В какой-то момент наш шофер сообщил – горючее на исходе, пора заполнять бензобак. На первой же заправке нам сказали, что придется подождать – из-за операций на Керченском полуострове весь бензин на счету и сейчас его выделяют лишь тем, чье присутствие в зоне военных действий совершенно необходимо. Грубер не стал доказывать, что нахождение под Керчью корреспондентов и пропагандистов не менее важно, чем грузовиков с боеприпасами, – это бы было неправдой. Стоически перенеся удар, он заглянул в свою карту и хмуро спросил у Юргена:
– На сколько километров нам хватит?
– На пятнадцать, не меньше.
– Следовательно, всё идет в соответствии с нашим планом. За исключением Керченской операции, которую планировали не мы, а Левинский. В четырех километрах отсюда расположен учебный лагерь, который я был намерен посетить. До него нам горючего хватит.
– Может, там и нальют немного, – трезво заметил Юрген.
– Кто такой Левинский? – спросил я Грубера, когда мы тронулись по проселку, уводившему в сторону от главной дороги.
– Генерал-полковник фон Манштейн, – объяснил зондерфюрер. – Это его первая фамилия, до усыновления. Правда, неплохо звучит? Фон Левинский – истинно прусское имя.
Я равнодушно пожал плечами. Родовая история генерал-полковника занимала меня гораздо меньше, чем его успехи на керченском фронте.
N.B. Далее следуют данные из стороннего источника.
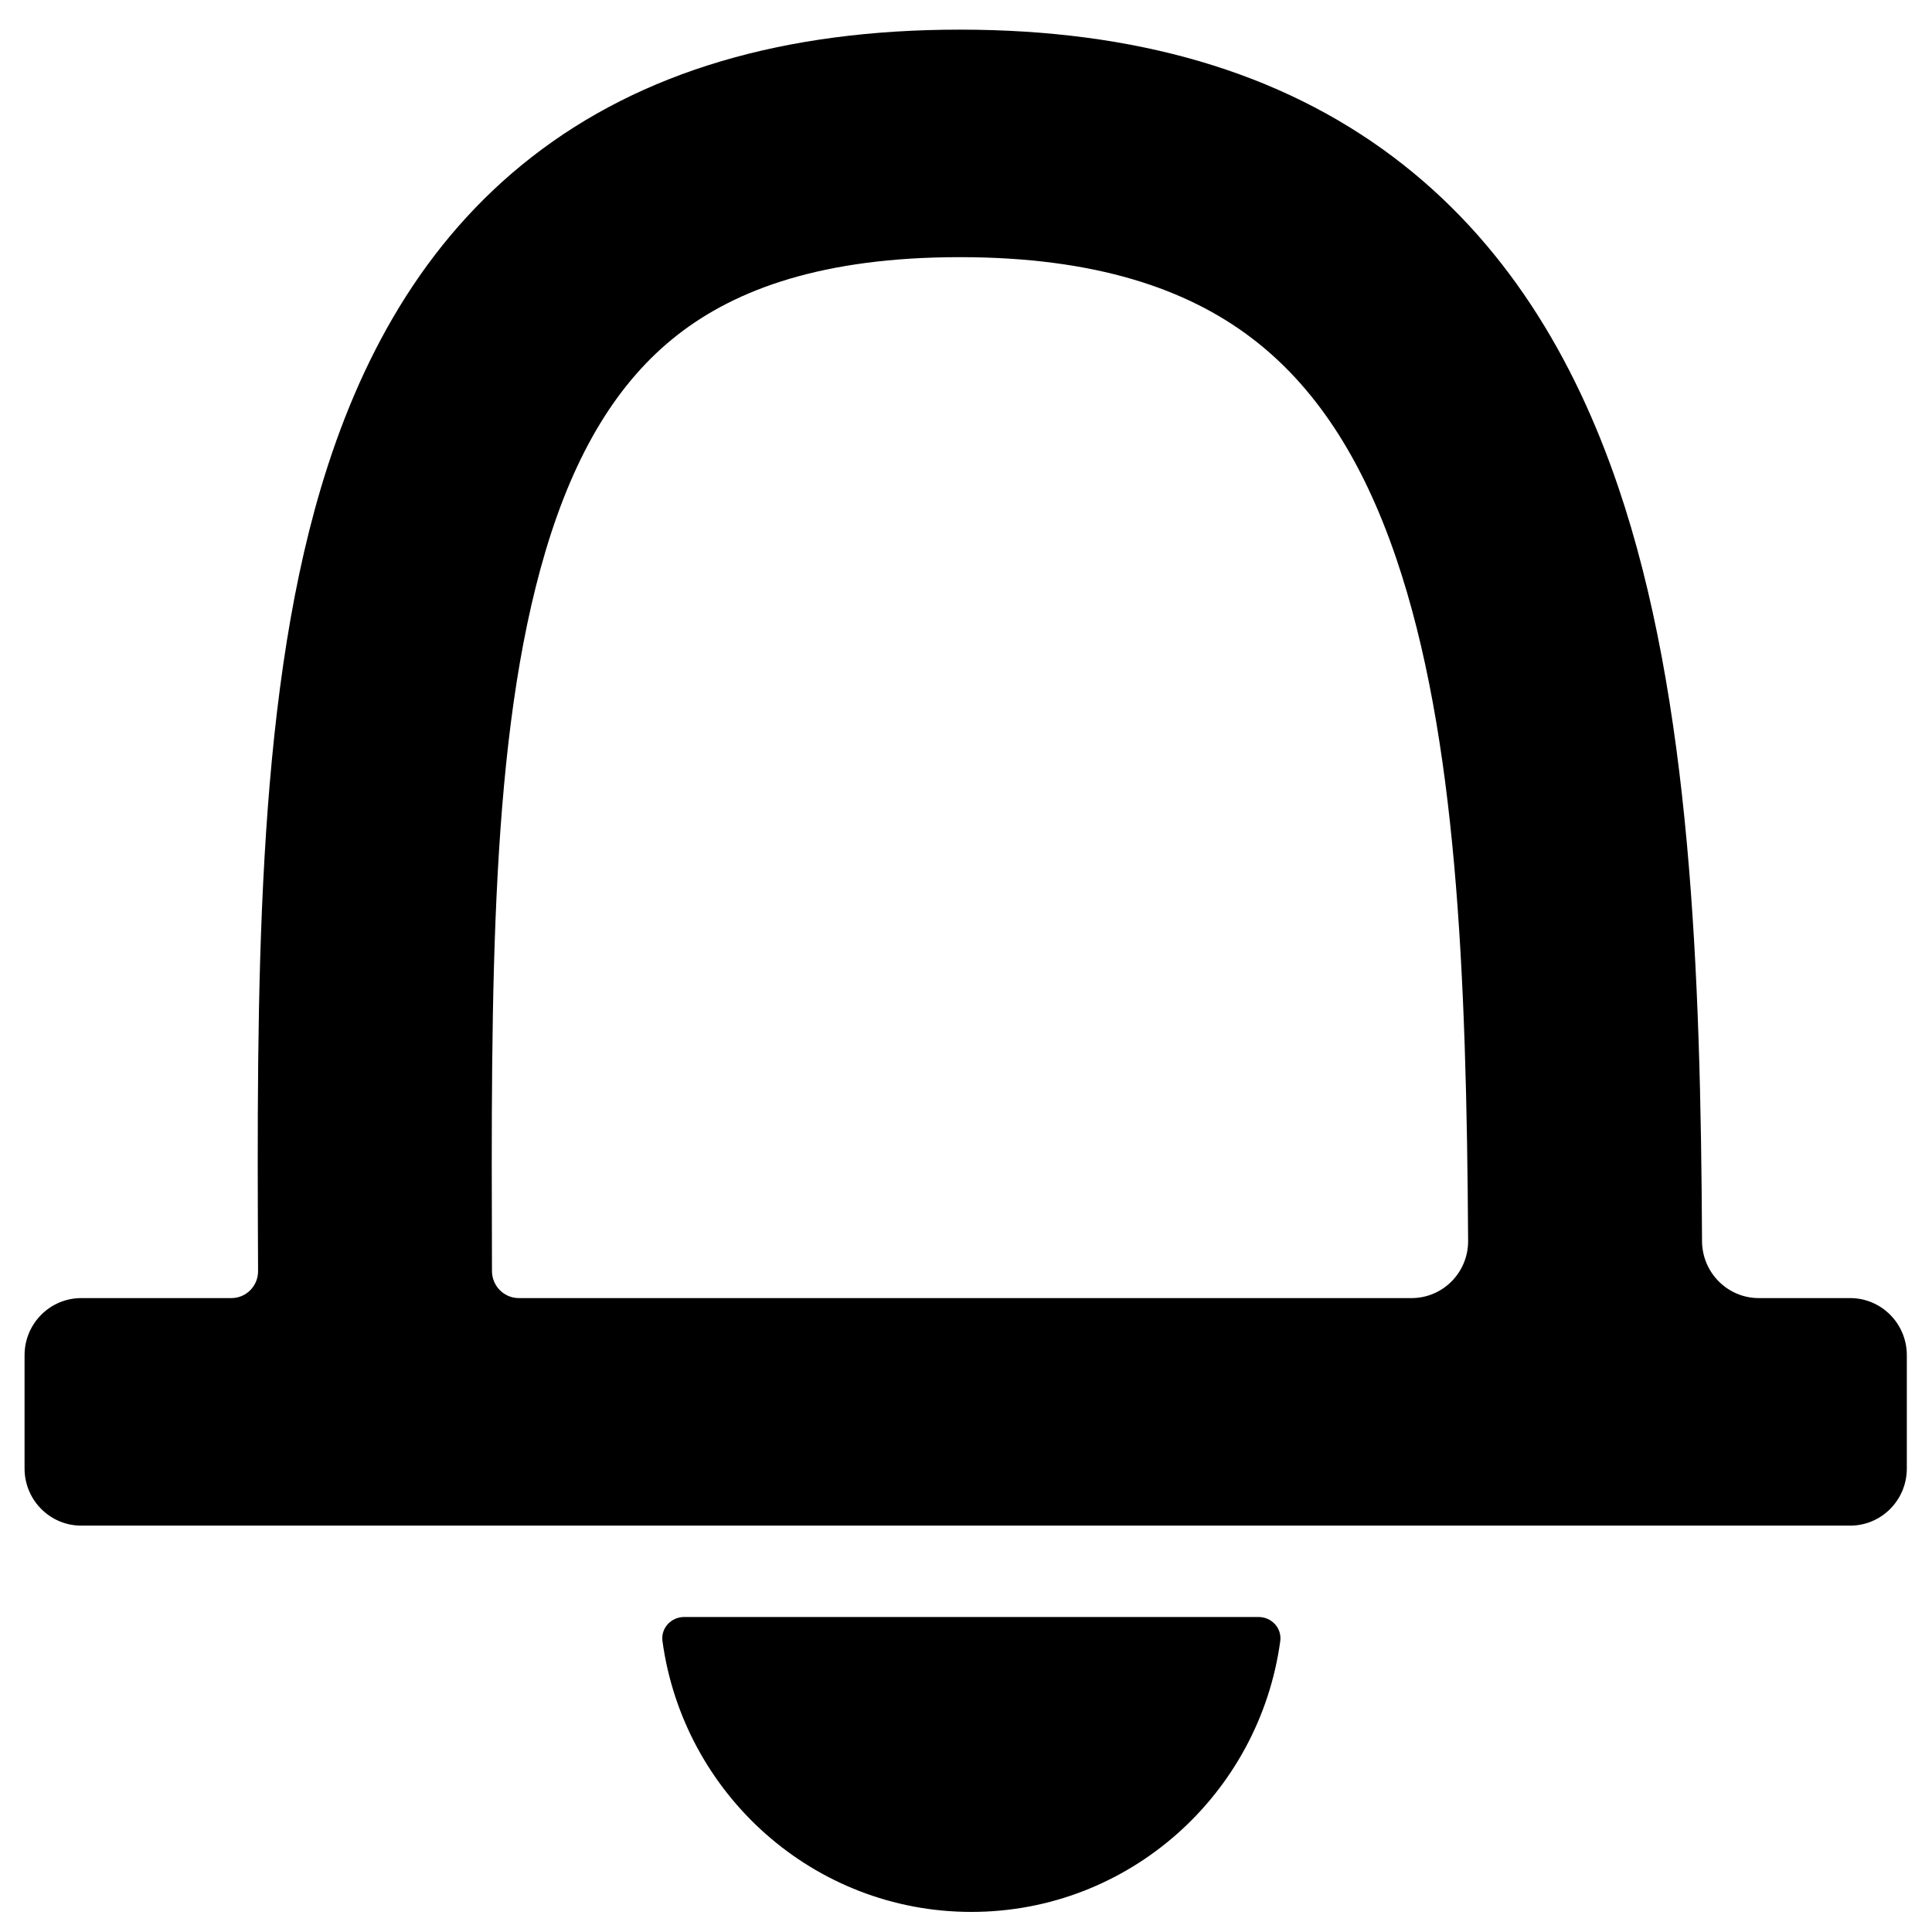 <?xml version="1.0" encoding="UTF-8"?>
<!-- Uploaded to: SVG Find, www.svgrepo.com, Generator: SVG Find Mixer Tools -->
<svg fill="#000000" width="800px" height="800px" version="1.1" viewBox="144 144 512 512" xmlns="http://www.w3.org/2000/svg">
 <g>
  <path d="m212.39 480.86c0.016 3.945-3.156 7.148-7.07 7.148h-39.785c-8.301 0-15.027 6.777-15.027 15.133v30.035c0 8.355 6.727 15.133 15.027 15.133h468.77c8.301 0 15.023-6.777 15.023-15.133v-30.035c0-8.355-6.723-15.133-15.023-15.133h-24.199c-8.289 0-15.008-6.758-15.051-15.105-0.355-71.512-2.988-143.41-22.234-199.95-11.629-34.16-30.039-65.16-59.695-87.426-29.891-22.441-68.09-33.672-114.75-33.672-46.555 0-84.383 11.09-113.51 33.801-28.891 22.527-45.77 53.805-55.875 87.848-17.246 58.105-16.918 133.36-16.598 207.36zm61.988-0.004c0.012 3.953 3.199 7.152 7.129 7.152h236.56c8.309 0 15.047-6.797 15-15.168-0.426-71.297-3.047-133.86-19.07-180.93-9.09-26.699-21.762-45.914-38.723-58.648-16.73-12.559-40.688-21.113-76.902-21.113-36.324 0-59.301 8.504-74.762 20.559-15.695 12.238-27.184 30.895-35.09 57.523-14.578 49.121-14.375 114.63-14.141 190.62z" fill-rule="evenodd"/>
  <path d="m325.32 572.52c-3.461 0-6.231 2.945-5.758 6.398 5.547 40.539 40.082 71.758 81.859 71.758s76.312-31.219 81.859-71.758c0.473-3.453-2.293-6.398-5.754-6.398z"/>
 </g>
</svg>

Начальник лагеря майор Бандтке принял нас радушно, накормил обедом, бегло высказался о грядущих перспективах национал-социализма, фашизма, коммунизма и плутократии, после чего устроил обзорную экскурсию по своим довольно обширным владениям. Я не пожалел. Такого количества интересных снимков в течение дня мне не доводилось делать давно.
Большая учебная атака, свидетелями которой мы стали, была великолепна. Грохот пулеметов, разрывы гранат, быстро возникавшие и исчезавшие в высокой траве группки солдат пехоты – всё выглядело весьма натурально. Действия личного состава отличались слаженностью и целесообразностью. Огонь стремительно перемещался по фронту, то затухая, то вспыхивая вновь, работавшие в поле нашего зрения минометчики, получив по рации команду, быстро и ловко переносили обстрел на нужные участки, команды саперов стремительно уползали туда, где требовалась их помощь. Порой на поле не было заметно ни фигурки, но я постоянно чувствовал – оно наполнено людьми, идущими прямым путем к победе. Ничего подобного в Испании я не видел. Но там была настоящая война со свойственным той беспорядком и бестолковщиной, тогда как здесь всего лишь учения.
Я спросил сопровождавшего нас капитана Шёнера, командира одной из учебных рот:
– Стреляют холостыми?
– У обороны, кроме гранат и мин, всё боевое, – ответил тот с гордостью. – Наша обычная практика.
– И бывают потери? – уточнил я, подумав вдруг, что достаточно одному из пулеметчиков сбрендить и влепить очередь по совершенно открытому наблюдательному пункту, где находимся мы… Впрочем, Елена и миланская журналистика перенесут эту утрату спокойно.
– Мы прилагаем все силы, чтоб их не было, но солдатам об этом лучше не знать. Их дело самим научиться, как не стать потерей. В целом обучение продумано как нельзя лучше. Надо сделать так, чтобы солдат сам хотел уехать отсюда на фронт. И нам это удается.
После полигона мы прошлись по лагерю. В нем, конечно же, царил идеальный порядок, долженствующий воцариться в каждом месте, где ступит нога тевтона. Бараки были чисты, плац выметен, хотя и не блестел (добиться блеска в пыльной степи возможным не представлялось), и даже сортир, куда я зашел по надобности, практически не вонял.